Advanced Facial Expression Recognition using Unified Multimodal LSTM Framework with Position Attention and Hybrid Grey Wolf–Ant Lion Optimization
DOI:
https://doi.org/10.51483/IJAIML.6.9s.2026.1997-2006Keywords:
Facial expression recognition; Long Short-Term Memory; Position Attention Mechanism; Grey Wolf Optimization; Ant Lion Optimization; multimodal learning; deep learning; hybrid optimization.Abstract
Facial Expression Recognition (FER) is a cornerstone capability in human-computer interaction, affective computing, and intelligent systems. Despite significant progress, two persistent challenges remain unresolved: (i) effective integration of multimodal data streams encompassing audio, video, and text, and (ii) robust feature selection and classification under high-dimensional conditions. This paper presents a unified investigation of two complementary FER frameworks.

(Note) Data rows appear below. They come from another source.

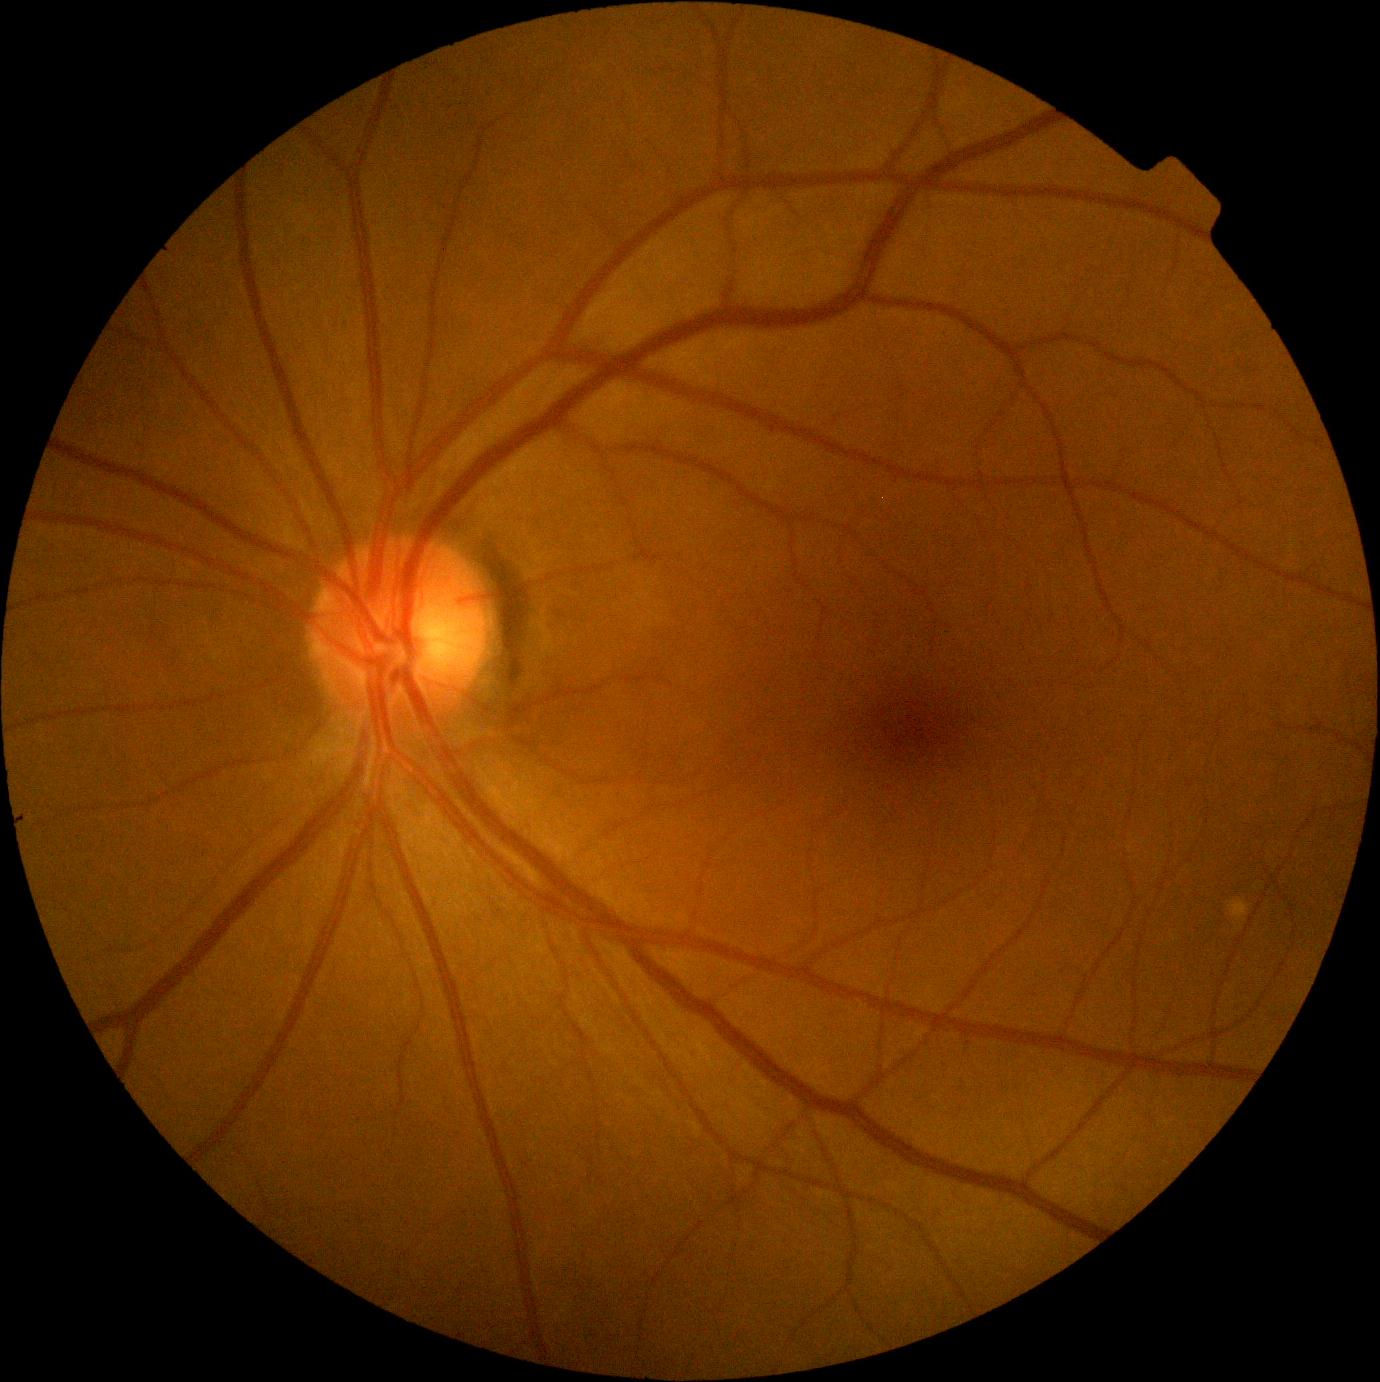
No diabetic retinal disease findings. Retinopathy grade is 0.
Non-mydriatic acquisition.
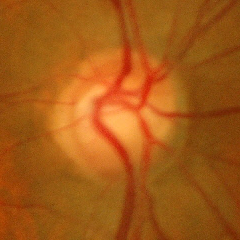 No signs of glaucoma.
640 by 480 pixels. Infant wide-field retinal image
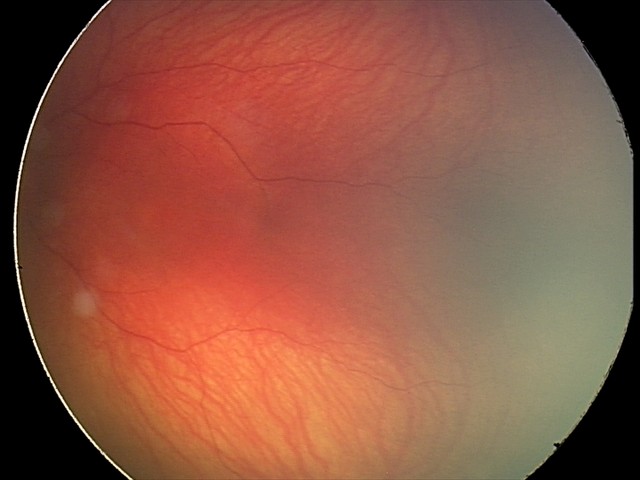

The first framework proposes Long Short-Term Memory with a Position Attention Mechanism (LSTM-PAM) for multimodal FER, leveraging the Surrey Audio-Visual Expressed Emotion (SAVEE) and CMU Multimodal Opinion Sentiment Intensity (CMU-MOSI) datasets. Preprocessing employs Wiener filtering for audio, Contrast-Limited Adaptive Histogram Equalization (CLAHE) for video, and lemmatization for text. Feature extraction utilizes Mel-Frequency Cepstral Coefficients (MFCC), Gray-Level Co-occurrence Matrix (GLCM), and Word2Vector representations, fused into a unified feature vector and classified with LSTM-PAM. The second framework introduces a hybrid Grey Wolf Optimization and Ant Lion Optimization algorithm (GWALO) combined with a Recurrent Neural Network (RNN) for single-modality FER on the JAFFE dataset, employing Viola-Jones face detection, Gabor filtering, and Affine-Scale-Invariant Feature Transform (ASIFT). Comprehensive experiments demonstrate that LSTM-PAM achieves 98.25% and 95.78% accuracy on SAVEE and CMU-MOSI datasets, while GWALO-RNN achieves 99.7% accuracy on JAFFE, outperforming all baseline and state-of-the-art methods. This synthesis provides researchers a holistic perspective on advancing FER through complementary deep learning and hybrid optimization strategies.